Manages the Active Directory Objects and Database
Responds to security authentication requests
Replicates information from other domain controllers
Provides information for various network resources
Can be Writable or Read Only
4
User PassJohn P@sswOrdJane 12345
AD DB
OBJECT
What is a Domain?
5
ADDB
ADDB
ADDB
Boundary of Replication Boundary of Administration Boundary of DNS Namespace
Replication
MyCorporation.local
What is a Forest?
All Domains in a Forest share: Schema Configuration Global Catalog
The forest is also considered as a security boundary 6
BeraXo.local
USA.BeraXo.local
BeraXoConsultancy.org
Schema Attributes
Username Description Location
Classes User Computer Contact
7
Username
Password
Address
User
Contact
Name
Naming Contexts and Partitions Schema
Definitions of object classes and attributes Replicated to all DCs in the forest
Configuration AD Structure (domains, sites, etc.) Replicated to all DCs in the forest
Domain Domain specific objects (users, groups,
computers, and OUs) Replicated to all DCs in a domain
Application Partitions8
Global Catalog Partial Replica of all Objects
in the Forest Configurable subset of Attributes Fast Forest-wide searches Required at Logon for Universal
Group Membership Win2k3 – Universal Group Caching
9
Trusts
10
BeraXo.local
USA.BeraXo.local
PartnerCorp.local
External or Forest
Provides access to resources located on a domain in a separate forest
Trust options Direction Transitivity
Child
TypeParent/ChildExternalForestShortcutRealm
Active Directory and DNS
The DNS Service is an essential part of Active Directory Active Directory cannot work
without DNS Service (Even on a single server)

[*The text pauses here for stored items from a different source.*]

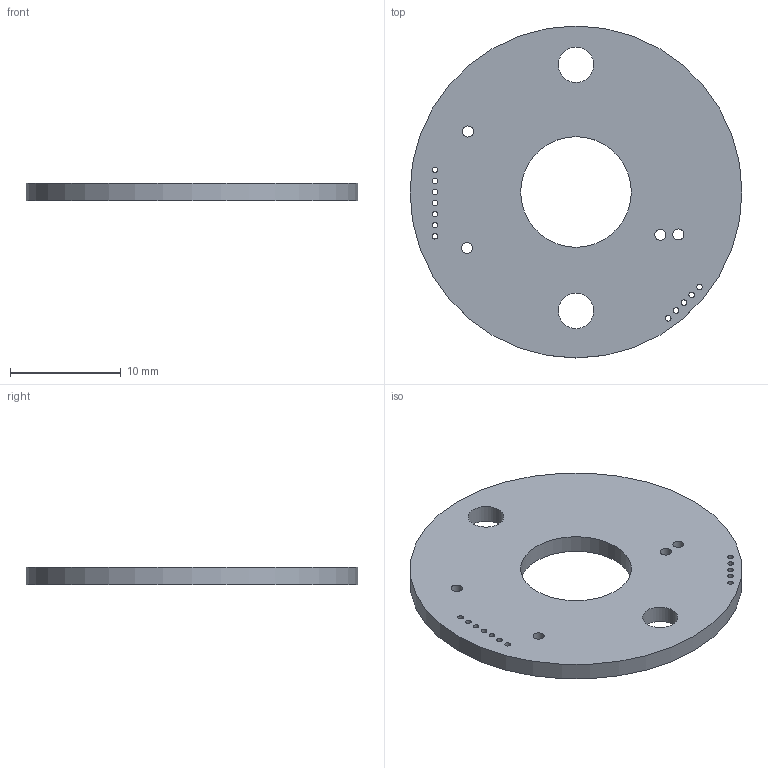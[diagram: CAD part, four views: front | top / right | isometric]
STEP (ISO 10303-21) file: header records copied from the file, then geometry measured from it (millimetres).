
FILE_DESCRIPTION(/* description */ ('STEP AP242 Edition 2','CAx-IF Rec.Pracs.---Representation and Presentation of Product Manufacturing Information (PMI)---4.0---2014-10-13','CAx-IF Rec.Pracs.---3D Tessellated Geometry---0.4---2014-09-14','2;1','CAx-IF Rec.Pracs.---User Defined Attributes---1.5---2016-08-15'),/* implementation_level */ '2;1');
FILE_NAME(/* name */ 'Assembly 1 - COMPOUND',/* time_stamp */ '2026-01-05T13:52:13Z',/* author */ (''),/* organization */ (''),/* preprocessor_version */ 'ST-DEVELOPER v20',/* originating_system */ 'ONSHAPE BY PTC INC, 1.208',/* authorisation */ ' ');
FILE_SCHEMA (('AP242_MANAGED_MODEL_BASED_3D_ENGINEERING_MIM_LF { 1 0 10303 442 3 1 4 }'));
Length unit declared in the file: metre
Products named in the file (1): COMPOUND
Bounding box: 30 x 30 x 1.6 mm (x, y, z)
Volume: 970.8 mm3; surface area: 1497 mm2
Topology: 1 solids, 1 shells, 22 faces, 60 edges, 40 vertices
Faces by surface type: cylinder 20, plane 2
Full cylindrical faces by diameter (mm): 0.5 x12, 1 x4, 3.2 x2, 10 x1, 30 x1
Entity records: 722 total; most frequent: DIRECTION 126, CARTESIAN_POINT 103, ORIENTED_EDGE 80, EDGE_LOOP 80, FACE_BOUND 80, AXIS2_PLACEMENT_3D 63, EDGE_CURVE 40, VERTEX_POINT 40
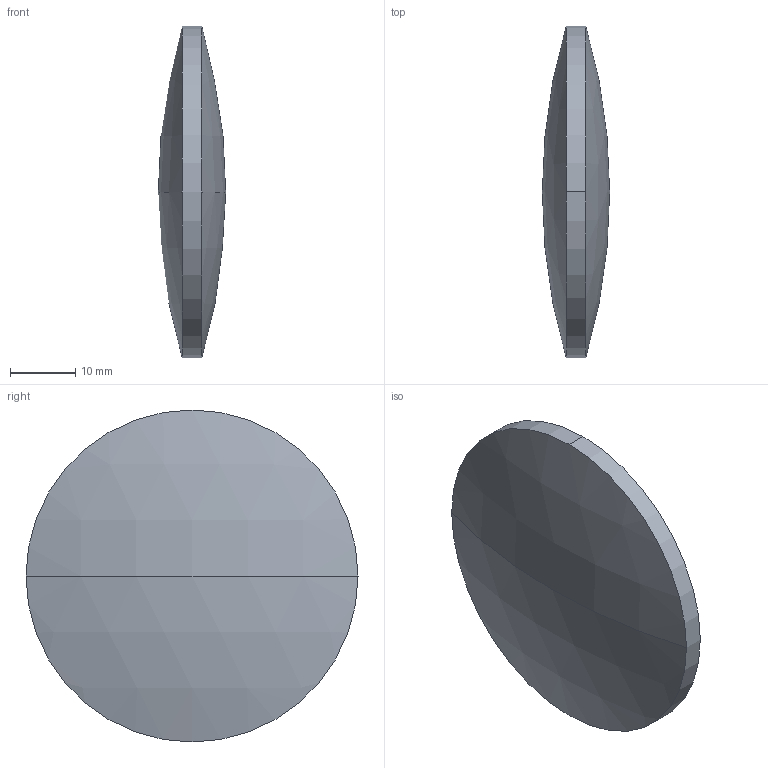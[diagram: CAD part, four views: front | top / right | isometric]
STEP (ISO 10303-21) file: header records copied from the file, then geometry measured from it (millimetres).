
FILE_DESCRIPTION (( 'STEP AP203' ), '1' );
FILE_NAME ('110105.STEP', '2019-07-08T07:56:33', ( '' ), ( '' ), 'SwSTEP 2.0', 'SolidWorks 2016', '' );
FILE_SCHEMA (( 'CONFIG_CONTROL_DESIGN' ));
Length unit declared in the file: millimetre
Products named in the file (2): 110105
Bounding box: 10.3 x 50.8 x 50.8 mm (x, y, z)
Volume: 13529.3 mm3; surface area: 4616.1 mm2
Topology: 1 solids, 1 shells, 6 faces, 14 edges, 10 vertices
Faces by surface type: sphere 4, cylinder 2
Entity records: 341 total; most frequent: DIRECTION 42, CARTESIAN_POINT 32, ORIENTED_EDGE 28, AXIS2_PLACEMENT_3D 20, PERSON_AND_ORGANIZATION 16, EDGE_CURVE 14, CIRCLE 12, DATE_AND_TIME 10

Active Directory and DNS share identical domain name
Domain Controller locator process rely on DNS
DNS Service can store its data in Active Directory 11
Active Directory Integrated DNS Zone
SRV Records to locate services LDAP Kerberos Other
Active Directory-integrated DNS DDNS for Dynamic Update Single replication topology Multi-master replication Secure Dynamic update
12
Protocols and Technologies
LDAP Kerberos NTLM RPC DNS
13
DSA
LDAP
NTLM KerberosDNS
RPC
Replication
Windows OS
Extensible Storage Engine
Active Directory Objects
Domain Users
15
John
Domain Groups Type
Security Distribution
Scope Domain Local Global Universal
16
HR Department
John Bill Kelly
Domain Computers
17
Organizational Units Containers within
Domains Organizes users,
groups and other objects
Represents departments or geographic regions
Main uses: Organization Delegation Policies
18
Users
SalesIT
Domain Security Principles Users
Groups Computers Built-in Security Groups
Administrators Backup Operators Users Power Users Print Operators
19
Active Directory Sites and Replication
Active Directory Sites What is a Site?
A set of well-connected IP subnets Site Usage
Locating Services Replication Group Policy Application
Sites are connected with Site Links Connects two or more sites
21
Site Usage (Location Services)
22
Site Usage (Replication)
23
Multi-Master Replication
Conflict resolution Operation Masters
24
Operation Master
Operation Master What is an Operation Master? Why we need Operation Masters?
26
Operation Masters Forest-Wide
Schema Master Domain Naming Master
Domain-Wide Primary Domain Controller (PDC) Relative Identifier (RID) Infrastructure Master
27
Schema Master Performs updates to schema Sends updates to all DCs One per forest Default is the first DC installed
28
Domain Naming Master Performs add/remove of domains and cross-references to external DS
One per forest Default is the first DC installed
29
Install Active Directory Dcpromo DNS Management Tools
30
форум програмиране, форум уеб дизайнкурсове и уроци по програмиране, уеб дизайн – безплатно
програмиране за деца – безплатни курсове и уроцибезплатен SEO курс - оптимизация за търсачки
уроци по уеб дизайн, HTML, CSS, JavaScript, Photoshop
уроци по програмиране и уеб дизайн за ученициASP.NET MVC курс – HTML, SQL, C#, .NET, ASP.NET MVC
безплатен курс "Разработка на софтуер в cloud среда"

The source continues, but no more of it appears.